Cuando la tuvo reluciente, se apartó un poco, todavía arrodillado, todavía jadeando, la barbilla brillante de saliva y semen. Miró a Rafael a los ojos con una sonrisa sucia, los labios hinchados.
—La próxima vez soy yo el que te destroza el culo, Rafa —prometió, la voz baja y cruda—. Te voy a poner exactamente como me pusiste a mí. Te voy a abrir las nalgas en este mismo banco, te voy a escupir el agujero y te la voy a clavar hasta que grites. Te voy a follar tan fuerte que te voy a dejar el culo abierto y goteando mi leche por las piernas. Vas a salir de aquí cojeando, cabrón. Y cuando te sientes al día siguiente vas a sentir mi verga todavía dentro. Te lo juro. Me debes un culo y te lo voy a cobrar entero.
Rafael soltó una risa ronca, todavía sin aliento, y le tiró del pelo para bajarlo y besarlo. El beso fue sucio, lleno de lengua, sabiendo a su propio semen. Hassan le mordió el labio inferior y le escupió un poco de saliva en la boca. Se rieron entre dientes, jadeando todavía, las manos recorriéndose los cuerpos sudados sin vergüenza.
—Me debes eso y más —contestó Rafael contra su boca—. La próxima te dejo que me rompas. Pero ahora levántate, que se nos hace tarde y este vestuario huele a puticlub barato.

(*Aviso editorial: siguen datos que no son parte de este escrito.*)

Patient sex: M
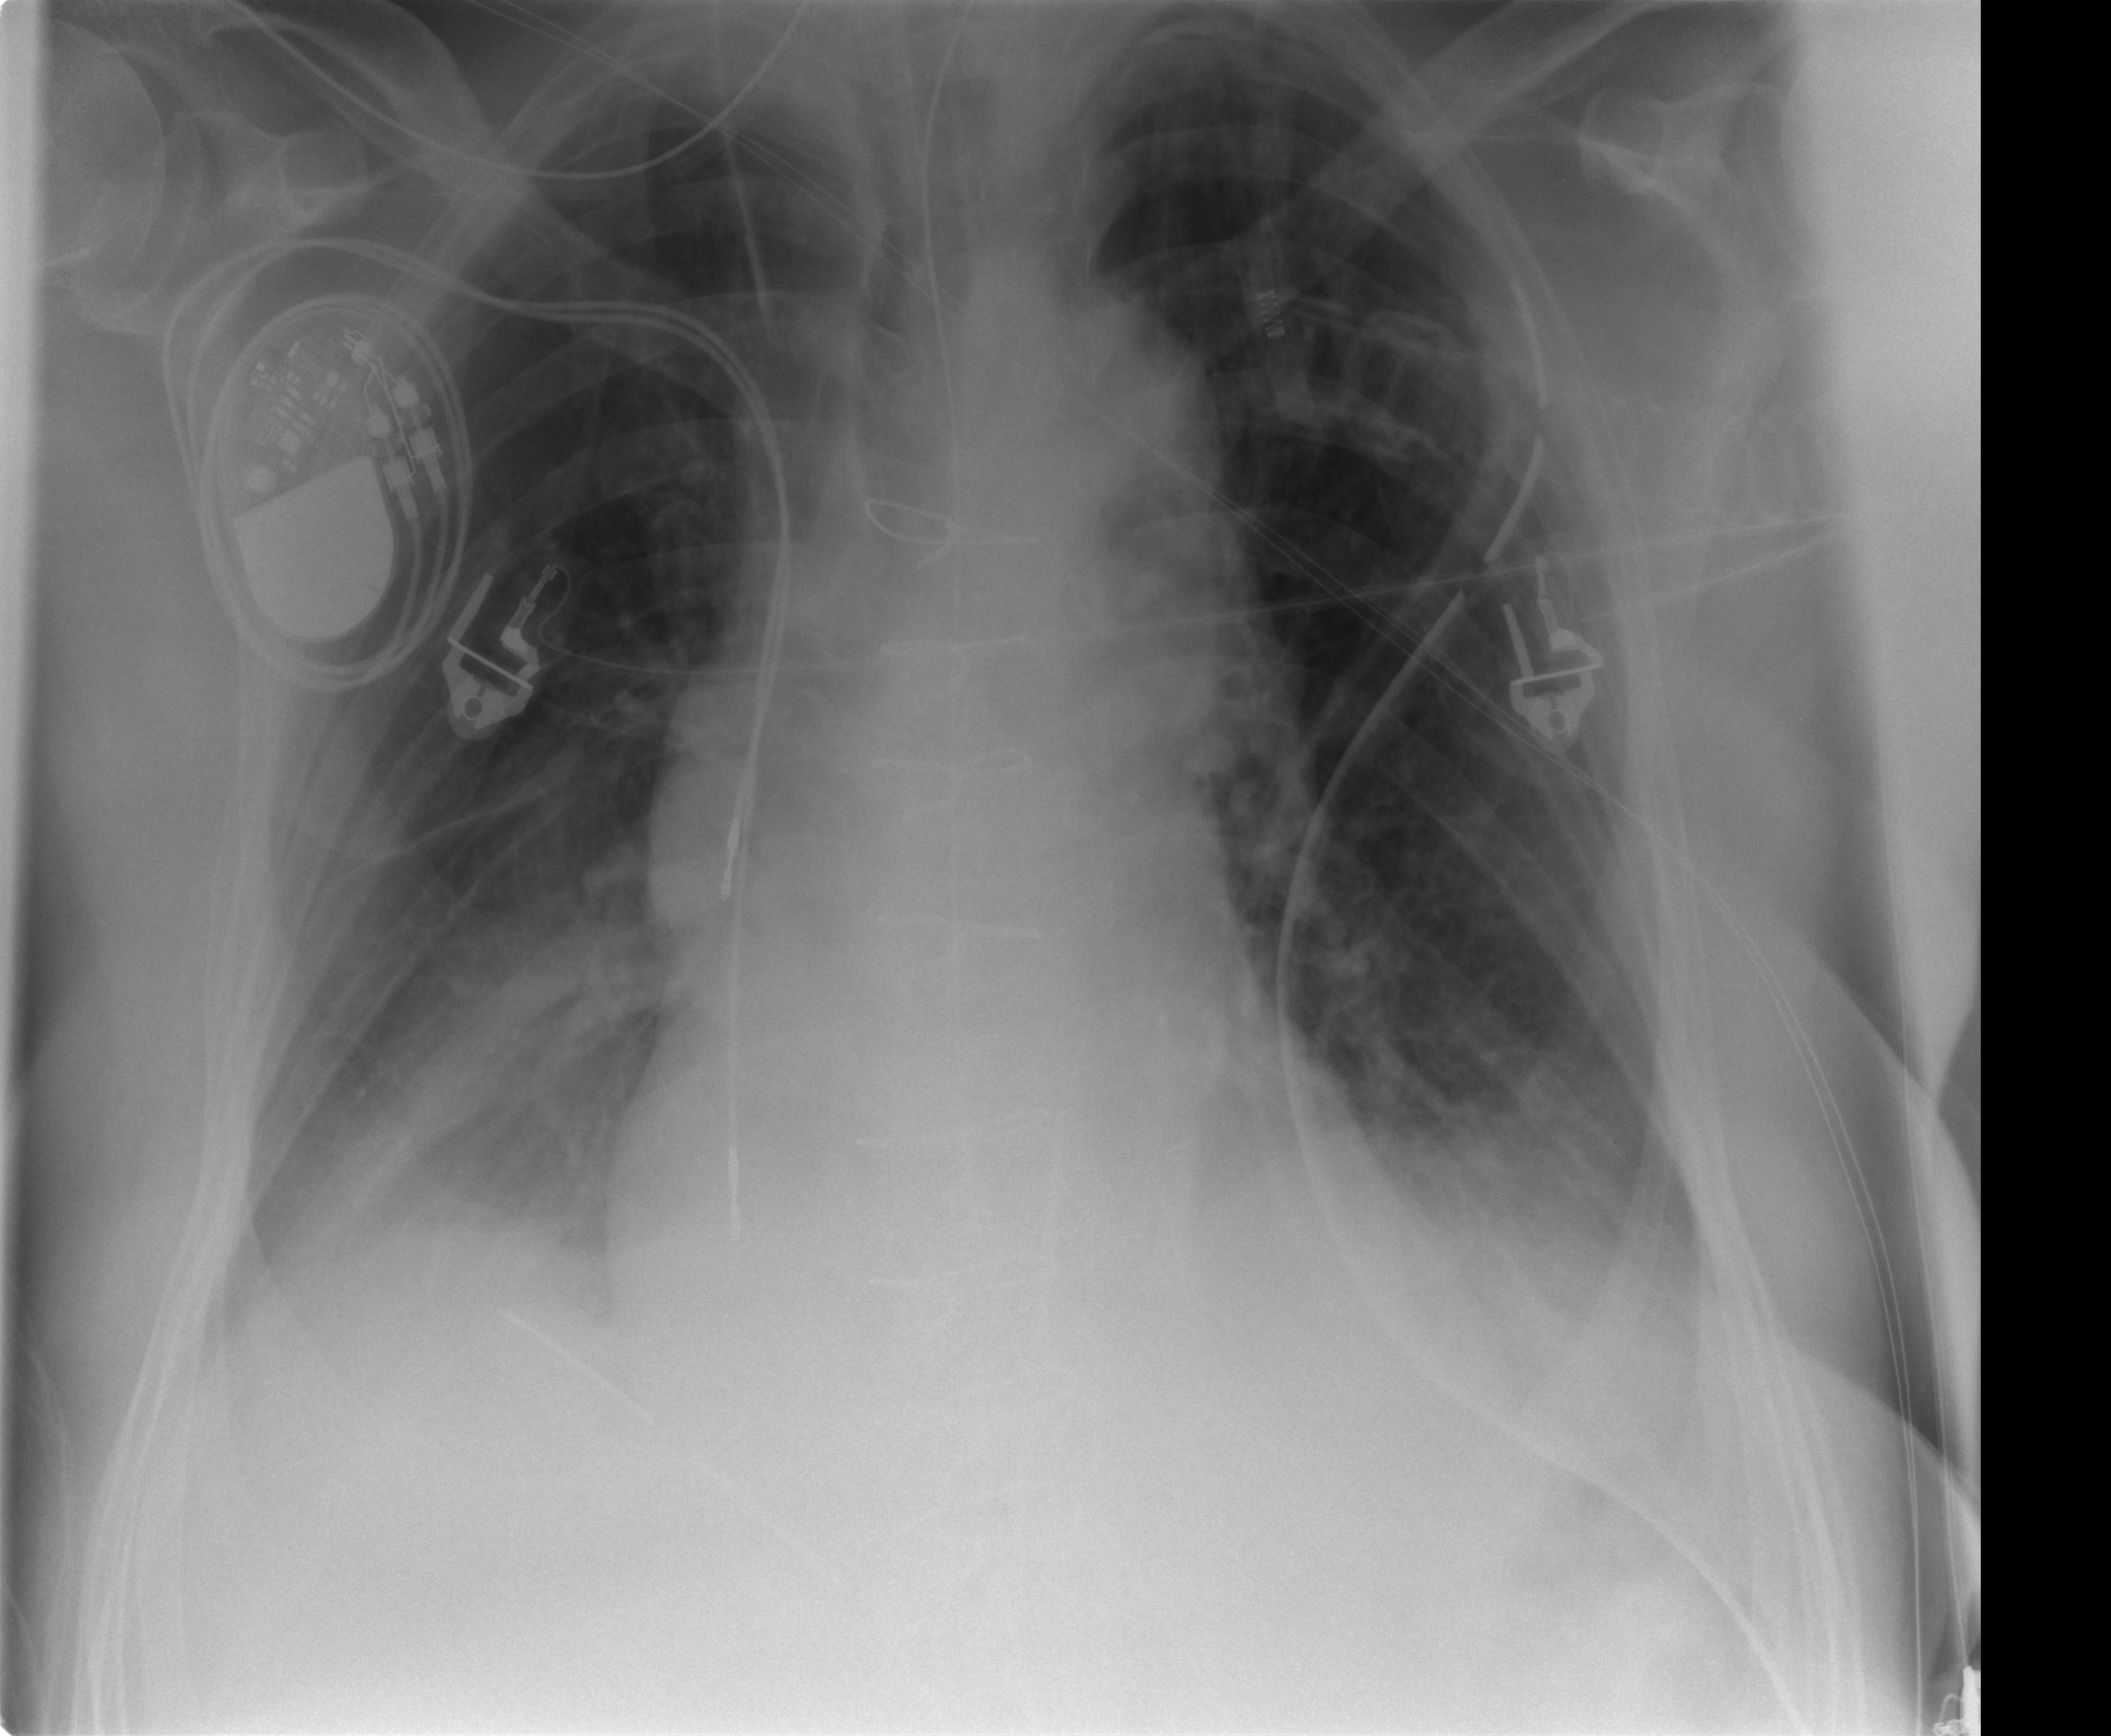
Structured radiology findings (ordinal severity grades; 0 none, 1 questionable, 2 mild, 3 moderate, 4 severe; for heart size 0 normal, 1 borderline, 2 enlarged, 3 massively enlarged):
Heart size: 0
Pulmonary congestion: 1
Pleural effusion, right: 2
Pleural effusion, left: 2
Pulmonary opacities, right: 0
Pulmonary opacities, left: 0
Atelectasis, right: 2
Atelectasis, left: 2
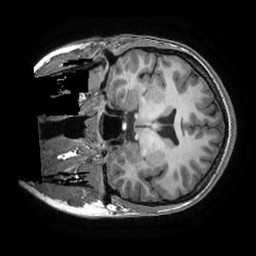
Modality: T1w
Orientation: coronal
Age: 20
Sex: female
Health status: healthy
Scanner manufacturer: ge
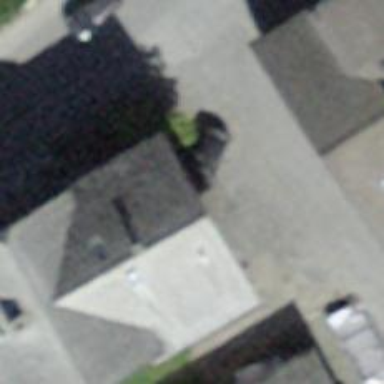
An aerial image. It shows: Furniture shop.
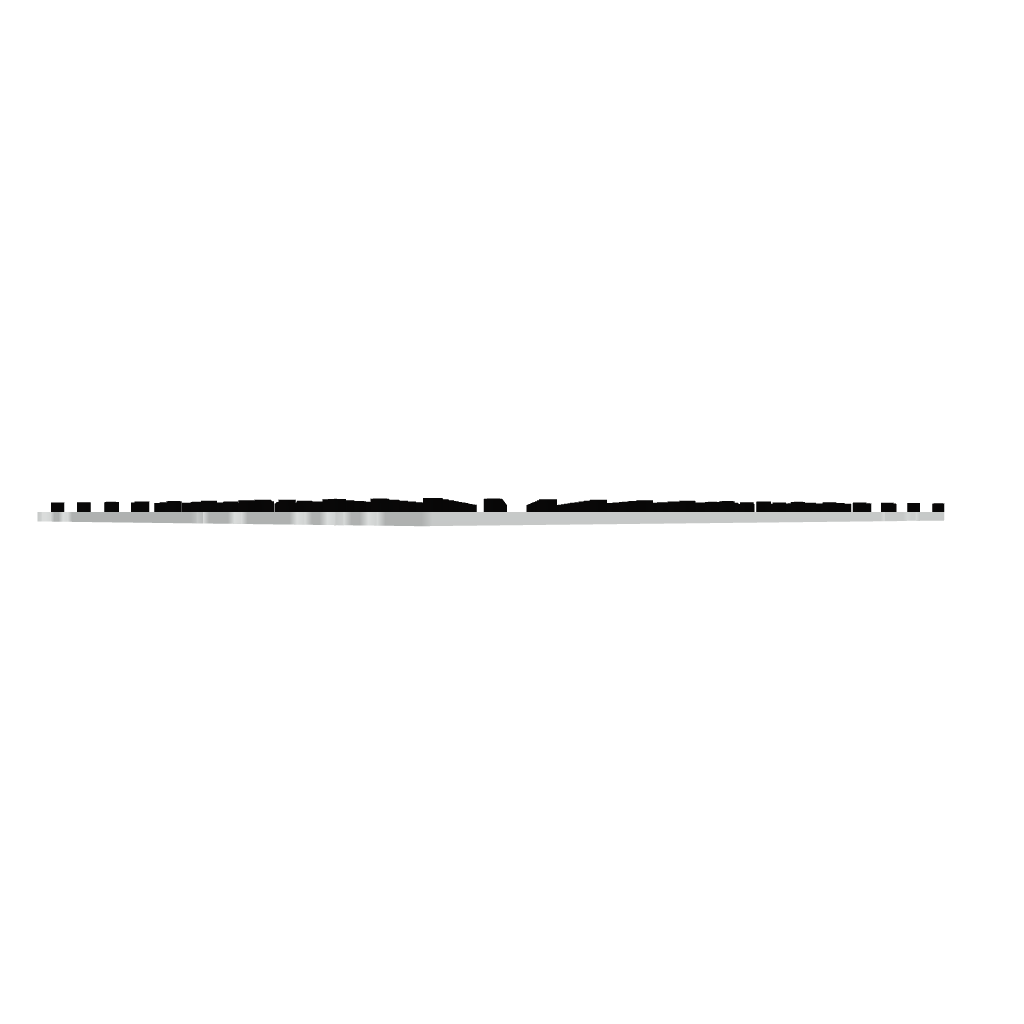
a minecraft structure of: large Ubuntu human logo
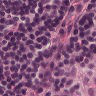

Se pusieron de pie tambaleándose. Hassan se tocó el culo y se rio al notar cómo todavía le goteaba un hilo de leche por el muslo. Rafael le dio una nalgada fuerte que resonó y le hizo soltar un “ay, cabrón” entre risas. Se secaron a medias con las toallas, sin limpiarse del todo a propósito. Hassan se subió los shorts de compresión todavía mojados de sudor y semen; el elástico le apreció el culo lleno y se le marcó el agujero un segundo. Rafael se metió la polla limpia dentro de los calzoncillos y se subió los pantalones cortos, la tela pegándose a la piel.
Se vistieron entre codazos, risas bajas y manoseos. Hassan le metió la mano dentro del pantalón a Rafael una última vez y le apretó la verga todavía sensible. Rafael le devolvió el favor, metiéndole dos dedos por detrás del short y empujándolos un poco dentro del culo baboso y lleno, sacándolos después brillantes de leche.
—Mira cómo te dejo —dijo Rafael, enseñándole los dedos sucios antes de chupárselos delante de su cara—. Llenito y abierto. Para que te acuerdes todo el camino a casa.
Hassan se le pegó, le agarró la nuca y le dio un último beso sucio, metiéndole la lengua hasta la garganta, frotándose el paquete contra el suyo.
—La próxima te dejo yo a ti igual de lleno, puto —susurró contra su boca—. Te voy a follar el culo hasta que me pidas por favor que pare, y aun así no voy a parar. Te voy a reventar ese agujero de macho hasta que te corras solo de tenerlo lleno de mi verga.
Se separaron, se echaron las mochilas al hombro y salieron del vestuario todavía riéndose, el olor a sexo pegado a la piel, el semen de Rafael secándose lento dentro del culo de Hassan, y la promesa sucia de devolvérselo ardiendo entre los dos como un secador todavía caliente.